This tiny insect can devastate entire forests! What are the solutions to deal with it?
A tiny insect, the bark beetle, ravages the trees in the forests of North-Eastern France. To deal with this scourge, the Minister of Agriculture has just announced a national plan. What is it about? How to fight against this pest?
To deal with the proliferation of the bark beetle, a tiny insect which ravages certain forests in the North-East of France in particular, the Minister of Agriculture Marc Fesneau announced on 15 April a national action plan. What does it contain? How does this insect manage to do so much damage to gigantic trees?
An exponential proliferation in the northern half
The bark beetle is a very small insect, only 2 to 8 millimetres long, part of the beetle family. Dark brown, it has a rather stocky shape and feeds on wood: we speak of a xylophagous insect. In total, 140 different species of bark beetles have been recorded in France, and only around ten represent a real threat to our forests.

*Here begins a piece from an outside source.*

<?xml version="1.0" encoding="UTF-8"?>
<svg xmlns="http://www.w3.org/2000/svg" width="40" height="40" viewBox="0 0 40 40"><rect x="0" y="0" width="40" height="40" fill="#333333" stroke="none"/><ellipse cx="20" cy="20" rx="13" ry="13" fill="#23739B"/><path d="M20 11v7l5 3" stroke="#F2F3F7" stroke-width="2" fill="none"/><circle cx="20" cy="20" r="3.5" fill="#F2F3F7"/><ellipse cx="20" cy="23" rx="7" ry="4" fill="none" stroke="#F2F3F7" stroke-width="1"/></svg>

Thus, the typograph bark beetle attacks spruce trees, while its curvidentate colleague ravages fir trees, for example in the Grand-Est or Burgundy-Franche-Comté (notably the Morvan). The proliferation of bark beetles is exponential, according to the government, since an additional generation of insects develops each year, hence increased damage.
Naturally occurring in forests, it is because of global warming that their numbers are exploding (as for example in the spruce forests of Northern France), the bark beetles love the heat. Attacked trees are easily identifiable: their needles change colour, going from green to brown, then fall completely and the wood appears dead.
Financial aid and better valued wood
On the 520,000 hectares of spruce and fir forests in the northeast of the country, more than 20% (110,000 hectares) have been colonised by the bark beetle. How does he act? The insect simply deposits its eggs under the bark of trees by digging galleries in their underlayers.
The entire tissue of the tree is thus devoured. Without forgetting the risk of transmission of viral diseases but also of pathogenic fungi....
The action plan presented by Marc Fesneau includes a now permanent national crisis unit, but also financial aid to encourage the debarking of trees (simply removing the bark) and thus stop the spread of the insect. A “debarking kit” could thus be financed by the State up to 65% of its price (8.000 € maximum).
Finally, the plan also provides for develop as many outlets as possible for wood affected by bark beetles. If it is identified and felled quickly, this “recovered” wood is then still usable for construction. However, if it is attacked too much, the wood very quickly becomes too dry. In total, since 2018, 37 million cubic metres of wood have been ravaged by bark beetles in France.